#### What is needed
Please copy the data below exactly; none of the pictures in it belong in the copy.

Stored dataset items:
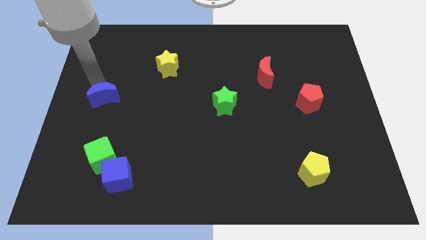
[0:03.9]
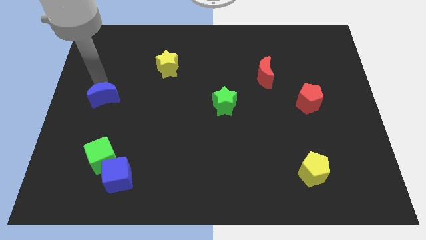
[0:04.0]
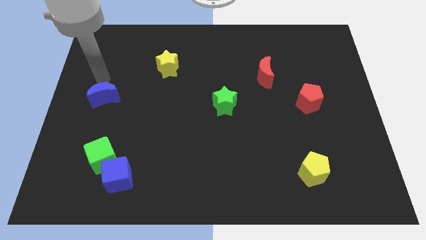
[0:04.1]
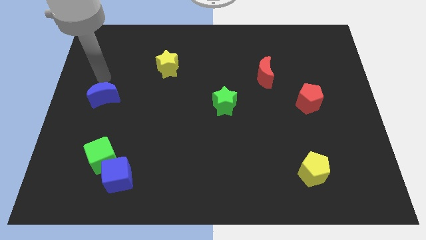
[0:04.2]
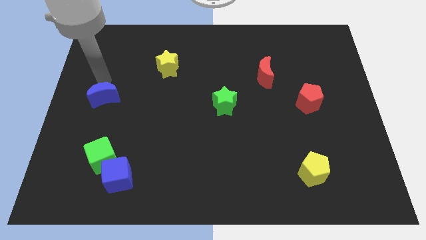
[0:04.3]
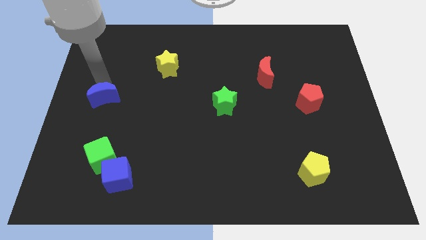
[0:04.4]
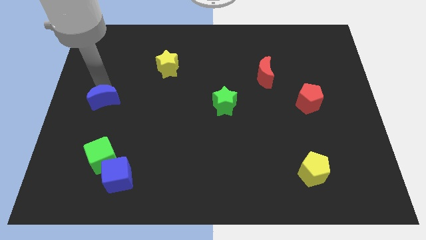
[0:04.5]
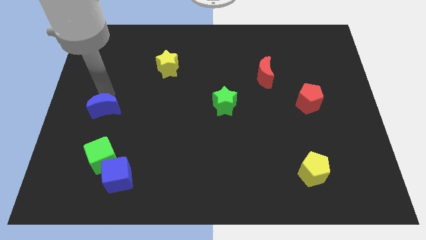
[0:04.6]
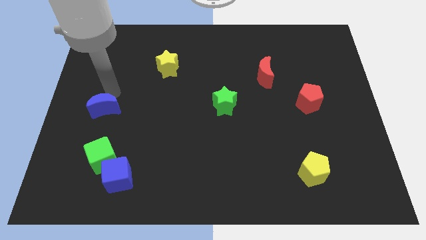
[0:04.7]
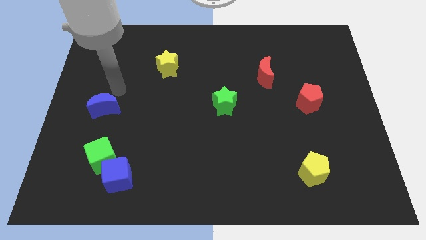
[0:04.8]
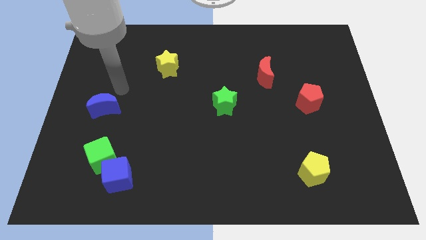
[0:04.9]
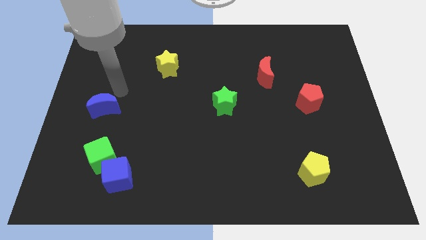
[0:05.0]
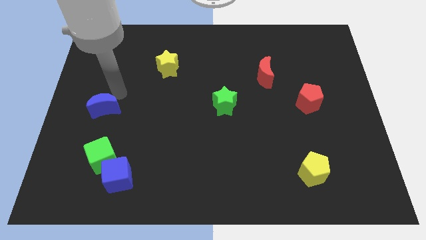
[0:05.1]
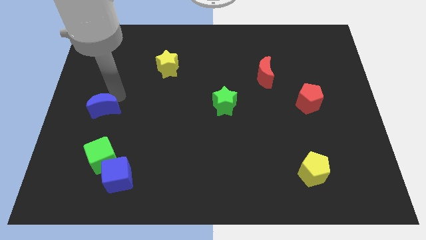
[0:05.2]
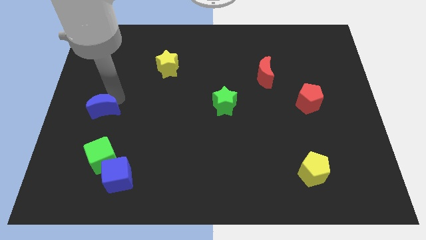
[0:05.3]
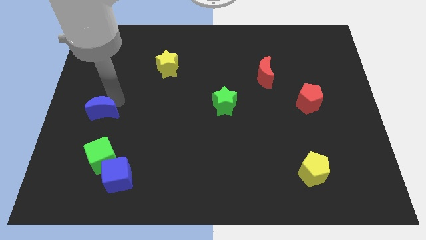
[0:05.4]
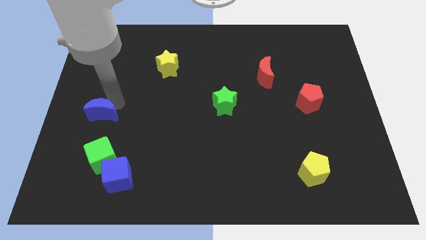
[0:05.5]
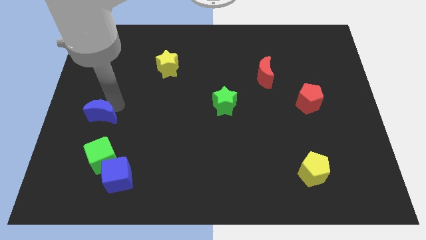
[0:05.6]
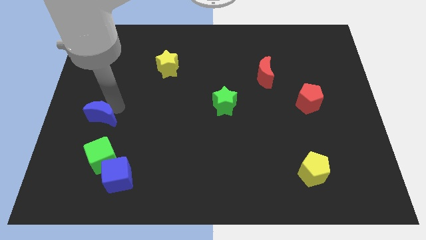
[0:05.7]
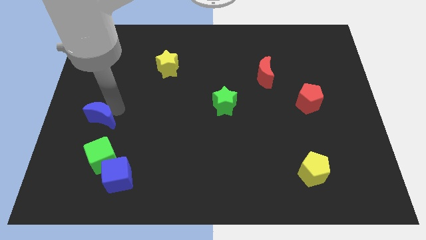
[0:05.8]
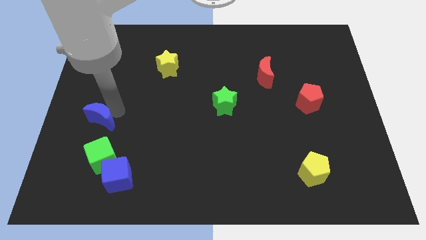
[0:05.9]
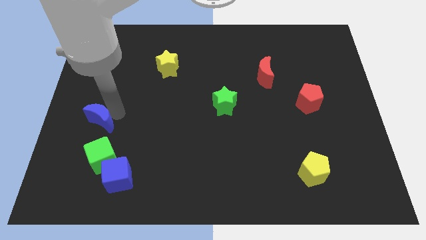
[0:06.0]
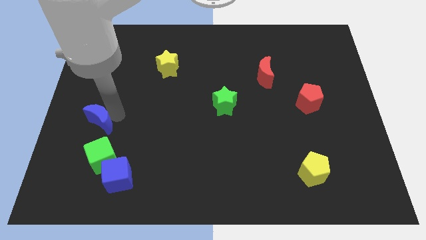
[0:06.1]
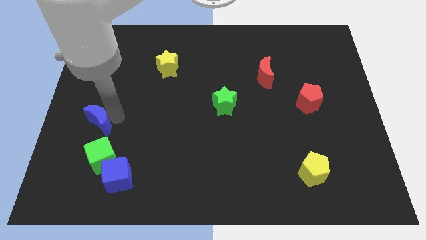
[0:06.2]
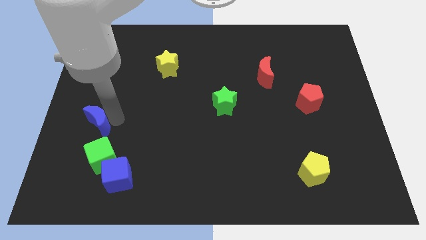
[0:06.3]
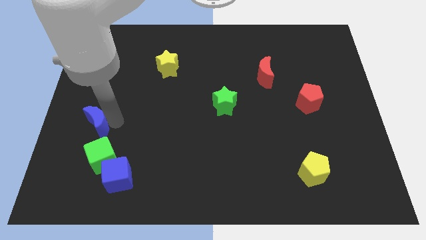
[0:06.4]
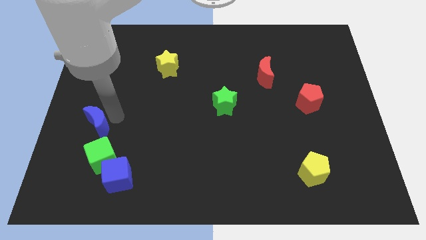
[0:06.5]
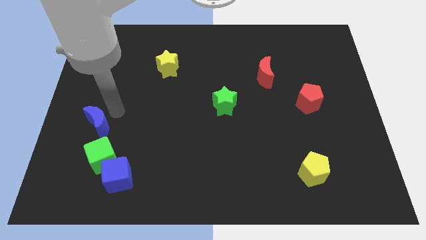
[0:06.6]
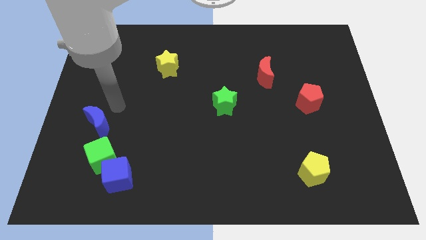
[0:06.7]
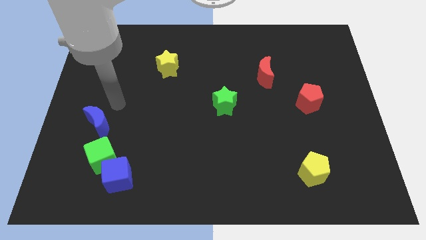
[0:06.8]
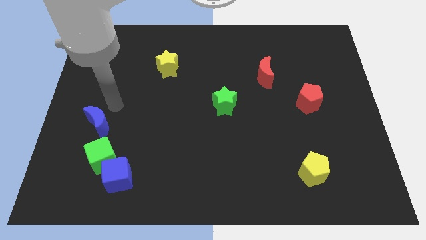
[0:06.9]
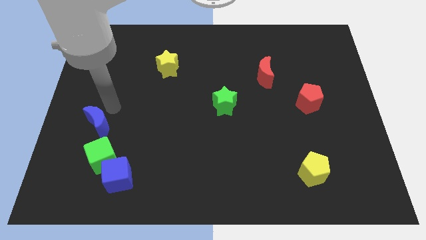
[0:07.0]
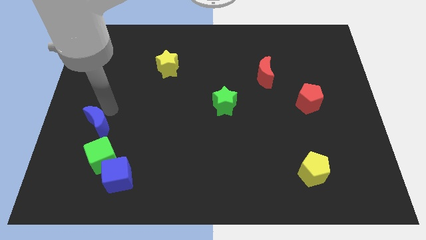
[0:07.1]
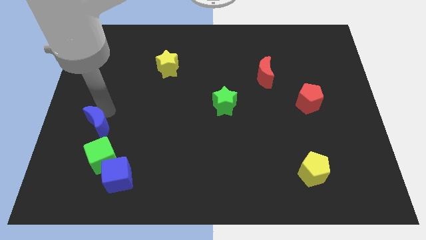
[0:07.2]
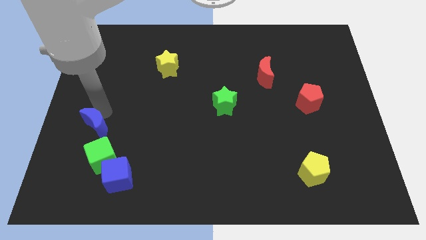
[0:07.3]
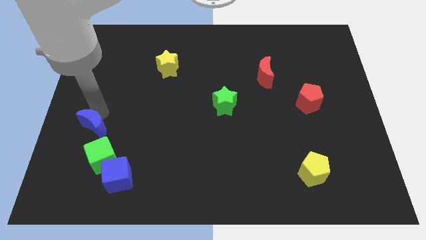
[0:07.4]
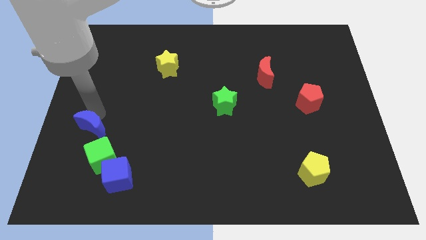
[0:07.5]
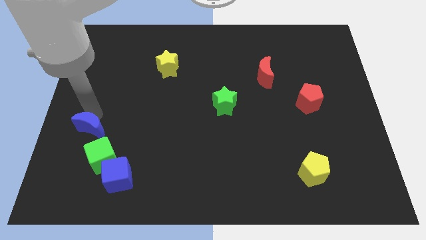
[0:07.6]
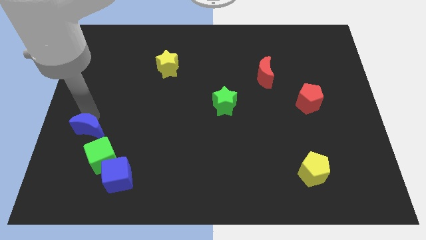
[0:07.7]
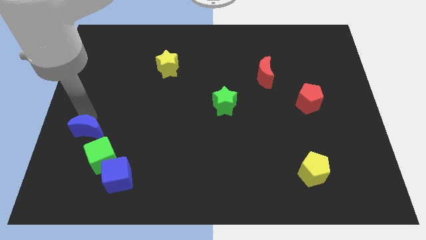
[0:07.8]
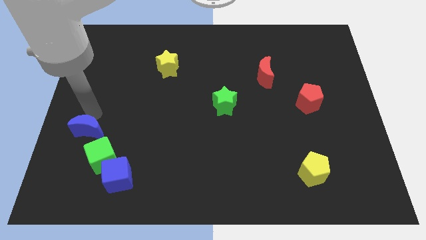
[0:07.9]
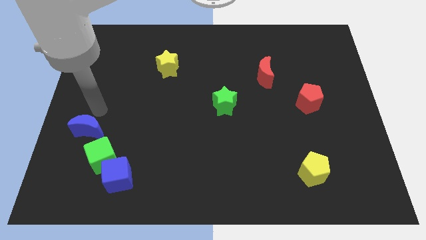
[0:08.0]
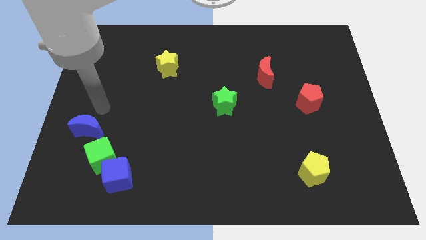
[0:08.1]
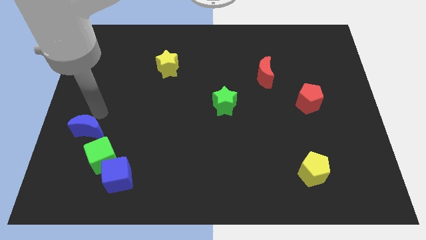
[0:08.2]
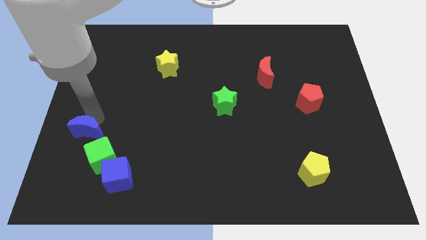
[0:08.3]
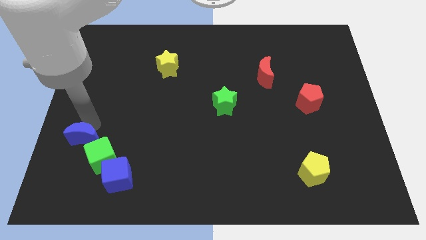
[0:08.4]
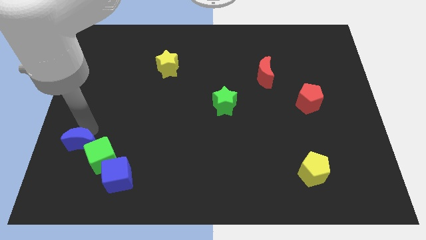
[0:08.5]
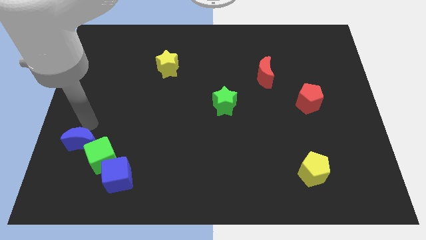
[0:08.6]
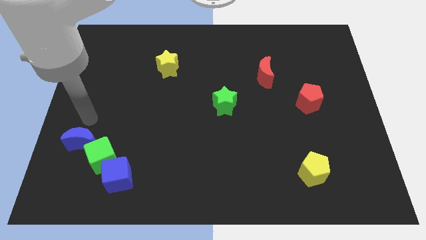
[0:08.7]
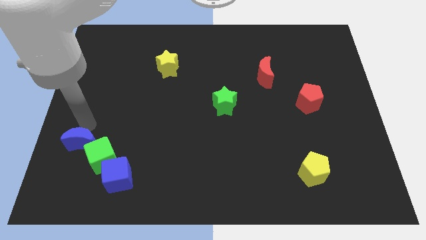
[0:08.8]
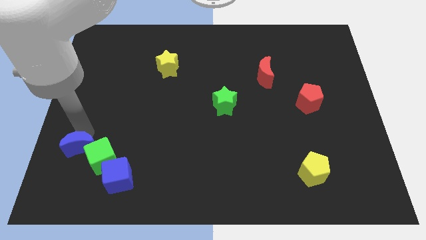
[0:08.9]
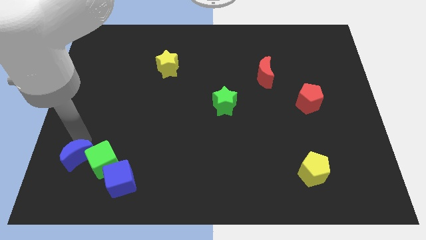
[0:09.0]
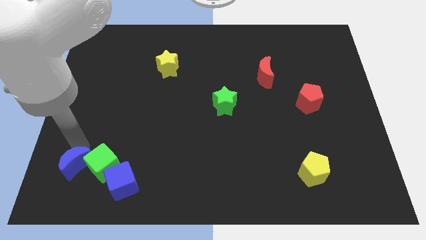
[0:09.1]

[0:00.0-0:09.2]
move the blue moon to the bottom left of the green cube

#### Problem solution
[0:03.9]
[0:04.0]
[0:04.1]
[0:04.2]
[0:04.3]
[0:04.4]
[0:04.5]
[0:04.6]
[0:04.7]
[0:04.8]
[0:04.9]
[0:05.0]
[0:05.1]
[0:05.2]
[0:05.3]
[0:05.4]
[0:05.5]
[0:05.6]
[0:05.7]
[0:05.8]
[0:05.9]
[0:06.0]
[0:06.1]
[0:06.2]
[0:06.3]
[0:06.4]
[0:06.5]
[0:06.6]
[0:06.7]
[0:06.8]
[0:06.9]
[0:07.0]
[0:07.1]
[0:07.2]
[0:07.3]
[0:07.4]
[0:07.5]
[0:07.6]
[0:07.7]
[0:07.8]
[0:07.9]
[0:08.0]
[0:08.1]
[0:08.2]
[0:08.3]
[0:08.4]
[0:08.5]
[0:08.6]
[0:08.7]
[0:08.8]
[0:08.9]
[0:09.0]
[0:09.1]

[0:00.0-0:09.2]
move the blue moon to the bottom left of the green cube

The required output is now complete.